▶ _WHAT YOU HAVE TO DO_:
Make an exact copy of the entries, and keep any pictures out of it.

▶ _EXTRACTED MATERIAL_:
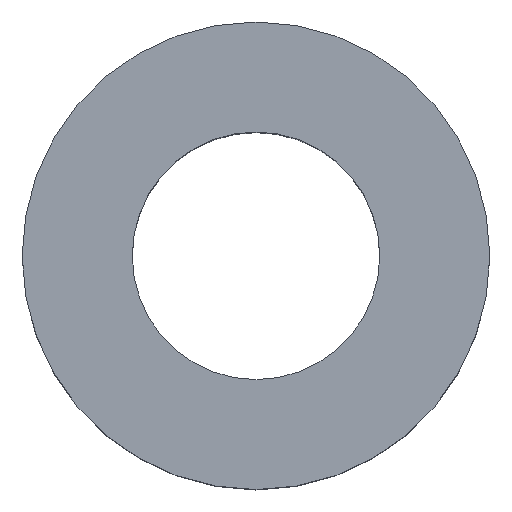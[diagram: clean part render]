
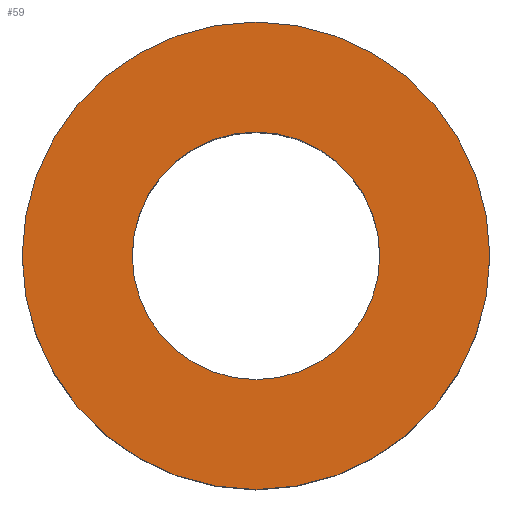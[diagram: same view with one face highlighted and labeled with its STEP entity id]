
A CAD part, top view. The second image highlights one B-rep face of the part: STEP entity #59.
In plain terms, the highlighted planar face has unit normal (0, 0, 1).
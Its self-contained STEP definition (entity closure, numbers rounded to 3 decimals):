
#13=DIRECTION('',(0.,0.,1.));
#14=DIRECTION('',(1.,0.,-0.));
#24=VERTEX_POINT('',#25);
#25=CARTESIAN_POINT('',(2.55,0.,2.5));
#28=ORIENTED_EDGE('',*,*,#29,.T.);
#29=EDGE_CURVE('',#24,#24,#30,.T.);
#30=CIRCLE('',#31,2.55);
#31=AXIS2_PLACEMENT_3D('',#32,#13,#33);
#32=CARTESIAN_POINT('',(0.,0.,2.5));
#33=DIRECTION('',(1.,0.,0.));
#59=ADVANCED_FACE('',(#60,#62),#71,.T.);
#60=FACE_BOUND('',#61,.T.);
#61=EDGE_LOOP('',(#28));
#62=FACE_BOUND('',#63,.T.);
#63=EDGE_LOOP('',(#64));
#64=ORIENTED_EDGE('',*,*,#65,.F.);
#65=EDGE_CURVE('',#66,#66,#68,.T.);
#66=VERTEX_POINT('',#67);
#67=CARTESIAN_POINT('',(1.35,0.,2.5));
#68=CIRCLE('',#69,1.35);
#69=AXIS2_PLACEMENT_3D('',#70,#13,#33);
#70=CARTESIAN_POINT('',(0.,0.,2.5));
#71=PLANE('',#72);
#72=AXIS2_PLACEMENT_3D('',#73,#13,#14);
#73=CARTESIAN_POINT('',(0.,0.,2.5));
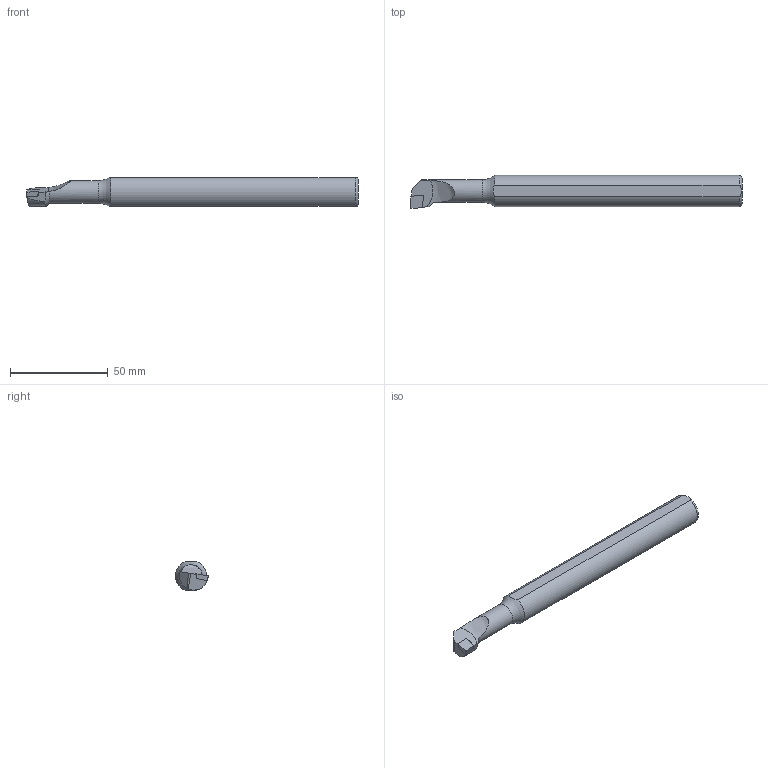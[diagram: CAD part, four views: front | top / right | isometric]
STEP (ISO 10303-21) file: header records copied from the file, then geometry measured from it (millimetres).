
FILE_DESCRIPTION(/* description */ (''),/* implementation_level */ '2;1');
FILE_NAME(/* name */ 'S1216P-SCLCR-06.stp',/* time_stamp */ '2023-10-23T16:38:05+03:00',/* author */ (''),/* organization */ (''),/* preprocessor_version */ 'ST-DEVELOPER v19.4',/* originating_system */ 'SIEMENS PLM Software NX2306.3001',/* authorisation */ '');
FILE_SCHEMA (('AUTOMOTIVE_DESIGN { 1 0 10303 214 3 1 1 1 }'));
Length unit declared in the file: millimetre
Products named in the file (1): S1216P SCLCR 06-LIGHT_objects
Bounding box: 170 x 17 x 14.8 mm (x, y, z)
Volume: 28976 mm3; surface area: 8279.4 mm2
Topology: 2 solids, 2 shells, 31 faces, 80 edges, 53 vertices
Faces by surface type: plane 16, cone 7, cylinder 5, torus 2, bspline 1
Full cylindrical faces by diameter (mm): 11.5 x1
Entity records: 1645 total; most frequent: CARTESIAN_POINT 818, ORIENTED_EDGE 148, DIRECTION 144, EDGE_CURVE 74, AXIS2_PLACEMENT_3D 53, VERTEX_POINT 50, LINE 38, VECTOR 38
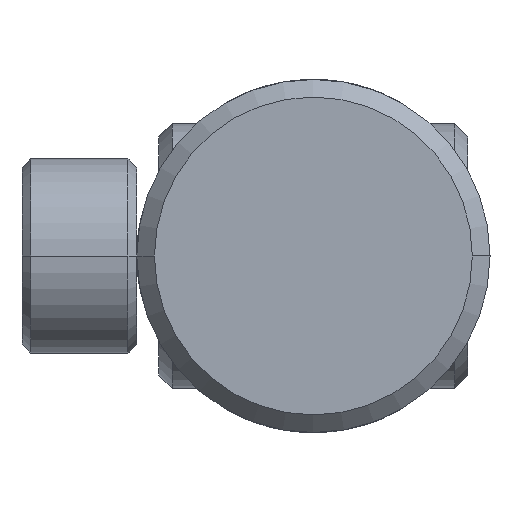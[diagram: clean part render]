
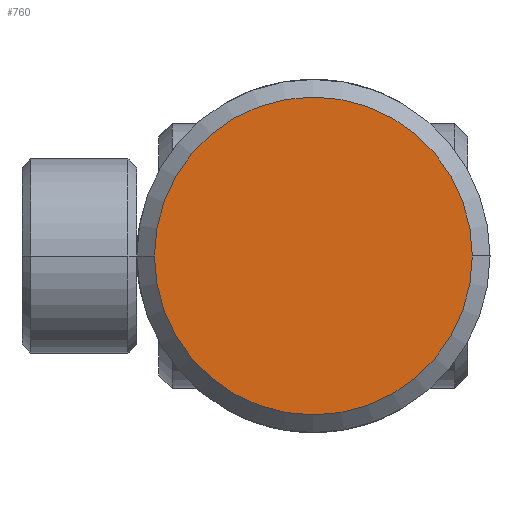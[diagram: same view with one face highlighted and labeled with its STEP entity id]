
A CAD part, left-side view. The second image highlights one B-rep face of the part: STEP entity #760.
In plain terms, the highlighted planar face has unit normal (-1, 0, 0).
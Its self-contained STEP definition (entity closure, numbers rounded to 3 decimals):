
#127 = PLANE ( 'NONE',  #1962 ) ;
#233 = CARTESIAN_POINT ( 'NONE',  ( 0., 18., 0. ) ) ;
#239 = VERTEX_POINT ( 'NONE', #233 ) ;
#351 = ORIENTED_EDGE ( 'NONE', *, *, #764, .F. ) ;
#469 = CIRCLE ( 'NONE', #3115, 18. ) ;
#720 = DIRECTION ( 'NONE',  ( -1., 0., 0. ) ) ;
#760 = ADVANCED_FACE ( 'NONE', ( #1222 ), #127, .T. ) ;
#764 = EDGE_CURVE ( 'NONE', #239, #3882, #469, .T. ) ;
#1037 = CARTESIAN_POINT ( 'NONE',  ( 0., 0., 0. ) ) ;
#1107 = CARTESIAN_POINT ( 'NONE',  ( 0., 0., 0. ) ) ;
#1222 = FACE_OUTER_BOUND ( 'NONE', #2788, .T. ) ;
#1611 = AXIS2_PLACEMENT_3D ( 'NONE', #1107, #2266, #2072 ) ;
#1962 = AXIS2_PLACEMENT_3D ( 'NONE', #1037, #720, #2353 ) ;
#2072 = DIRECTION ( 'NONE',  ( 0., 1., 0. ) ) ;
#2098 = DIRECTION ( 'NONE',  ( 1., 0., 0. ) ) ;
#2266 = DIRECTION ( 'NONE',  ( 1., 0., 0. ) ) ;
#2353 = DIRECTION ( 'NONE',  ( 0., -1., 0. ) ) ;
#2422 = CIRCLE ( 'NONE', #1611, 18. ) ;
#2584 = EDGE_CURVE ( 'NONE', #3882, #239, #2422, .T. ) ;
#2606 = DIRECTION ( 'NONE',  ( 0., 1., 0. ) ) ;
#2788 = EDGE_LOOP ( 'NONE', ( #351, #3409 ) ) ;
#3115 = AXIS2_PLACEMENT_3D ( 'NONE', #3571, #2098, #2606 ) ;
#3363 = CARTESIAN_POINT ( 'NONE',  ( 0., -18., 0. ) ) ;
#3409 = ORIENTED_EDGE ( 'NONE', *, *, #2584, .F. ) ;
#3571 = CARTESIAN_POINT ( 'NONE',  ( 0., 0., 0. ) ) ;
#3882 = VERTEX_POINT ( 'NONE', #3363 ) ;

▶ _ANSWER BOX_:
[diagram: clean part render]
[diagram: same view with one face highlighted and labeled with its STEP entity id]
A CAD part, top view. The second image highlights one B-rep face of the part: STEP entity #59.
In plain terms, the highlighted planar face has unit normal (0, 0, 1).
Its self-contained STEP definition (entity closure, numbers rounded to 3 decimals):
#13=DIRECTION('',(0.,0.,1.));
#14=DIRECTION('',(1.,0.,-0.));
#24=VERTEX_POINT('',#25);
#25=CARTESIAN_POINT('',(2.55,0.,2.5));
#28=ORIENTED_EDGE('',*,*,#29,.T.);
#29=EDGE_CURVE('',#24,#24,#30,.T.);
#30=CIRCLE('',#31,2.55);
#31=AXIS2_PLACEMENT_3D('',#32,#13,#33);
#32=CARTESIAN_POINT('',(0.,0.,2.5));
#33=DIRECTION('',(1.,0.,0.));
#59=ADVANCED_FACE('',(#60,#62),#71,.T.);
#60=FACE_BOUND('',#61,.T.);
#61=EDGE_LOOP('',(#28));
#62=FACE_BOUND('',#63,.T.);
#63=EDGE_LOOP('',(#64));
#64=ORIENTED_EDGE('',*,*,#65,.F.);
#65=EDGE_CURVE('',#66,#66,#68,.T.);
#66=VERTEX_POINT('',#67);
#67=CARTESIAN_POINT('',(1.35,0.,2.5));
#68=CIRCLE('',#69,1.35);
#69=AXIS2_PLACEMENT_3D('',#70,#13,#33);
#70=CARTESIAN_POINT('',(0.,0.,2.5));
#71=PLANE('',#72);
#72=AXIS2_PLACEMENT_3D('',#73,#13,#14);
#73=CARTESIAN_POINT('',(0.,0.,2.5));
[diagram: CAD part, four views: front | top / right | isometric]
STEP (ISO 10303-21) file: header records copied from the file, then geometry measured from it (millimetres).
FILE_DESCRIPTION(/* description */ (''),/* implementation_level */ '2;1');
FILE_NAME(/* name */ 'S1216P-SCLCR-06.stp',/* time_stamp */ '2023-10-23T16:38:05+03:00',/* author */ (''),/* organization */ (''),/* preprocessor_version */ 'ST-DEVELOPER v19.4',/* originating_system */ 'SIEMENS PLM Software NX2306.3001',/* authorisation */ '');
FILE_SCHEMA (('AUTOMOTIVE_DESIGN { 1 0 10303 214 3 1 1 1 }'));
Length unit declared in the file: millimetre
Products named in the file (1): S1216P SCLCR 06-LIGHT_objects
Bounding box: 170 x 17 x 14.8 mm (x, y, z)
Volume: 28976 mm3; surface area: 8279.4 mm2
Topology: 2 solids, 2 shells, 31 faces, 80 edges, 53 vertices
Faces by surface type: plane 16, cone 7, cylinder 5, torus 2, bspline 1
Full cylindrical faces by diameter (mm): 11.5 x1
Entity records: 1645 total; most frequent: CARTESIAN_POINT 818, ORIENTED_EDGE 148, DIRECTION 144, EDGE_CURVE 74, AXIS2_PLACEMENT_3D 53, VERTEX_POINT 50, LINE 38, VECTOR 38
[diagram: clean part render]
[diagram: same view with one face highlighted and labeled with its STEP entity id]
A CAD part, left-side view. The second image highlights one B-rep face of the part: STEP entity #760.
In plain terms, the highlighted planar face has unit normal (-1, 0, 0).
Its self-contained STEP definition (entity closure, numbers rounded to 3 decimals):
#127 = PLANE ( 'NONE',  #1962 ) ;
#233 = CARTESIAN_POINT ( 'NONE',  ( 0., 18., 0. ) ) ;
#239 = VERTEX_POINT ( 'NONE', #233 ) ;
#351 = ORIENTED_EDGE ( 'NONE', *, *, #764, .F. ) ;
#469 = CIRCLE ( 'NONE', #3115, 18. ) ;
#720 = DIRECTION ( 'NONE',  ( -1., 0., 0. ) ) ;
#760 = ADVANCED_FACE ( 'NONE', ( #1222 ), #127, .T. ) ;
#764 = EDGE_CURVE ( 'NONE', #239, #3882, #469, .T. ) ;
#1037 = CARTESIAN_POINT ( 'NONE',  ( 0., 0., 0. ) ) ;
#1107 = CARTESIAN_POINT ( 'NONE',  ( 0., 0., 0. ) ) ;
#1222 = FACE_OUTER_BOUND ( 'NONE', #2788, .T. ) ;
#1611 = AXIS2_PLACEMENT_3D ( 'NONE', #1107, #2266, #2072 ) ;
#1962 = AXIS2_PLACEMENT_3D ( 'NONE', #1037, #720, #2353 ) ;
#2072 = DIRECTION ( 'NONE',  ( 0., 1., 0. ) ) ;
#2098 = DIRECTION ( 'NONE',  ( 1., 0., 0. ) ) ;
#2266 = DIRECTION ( 'NONE',  ( 1., 0., 0. ) ) ;
#2353 = DIRECTION ( 'NONE',  ( 0., -1., 0. ) ) ;
#2422 = CIRCLE ( 'NONE', #1611, 18. ) ;
#2584 = EDGE_CURVE ( 'NONE', #3882, #239, #2422, .T. ) ;
#2606 = DIRECTION ( 'NONE',  ( 0., 1., 0. ) ) ;
#2788 = EDGE_LOOP ( 'NONE', ( #351, #3409 ) ) ;
#3115 = AXIS2_PLACEMENT_3D ( 'NONE', #3571, #2098, #2606 ) ;
#3363 = CARTESIAN_POINT ( 'NONE',  ( 0., -18., 0. ) ) ;
#3409 = ORIENTED_EDGE ( 'NONE', *, *, #2584, .F. ) ;
#3571 = CARTESIAN_POINT ( 'NONE',  ( 0., 0., 0. ) ) ;
#3882 = VERTEX_POINT ( 'NONE', #3363 ) ;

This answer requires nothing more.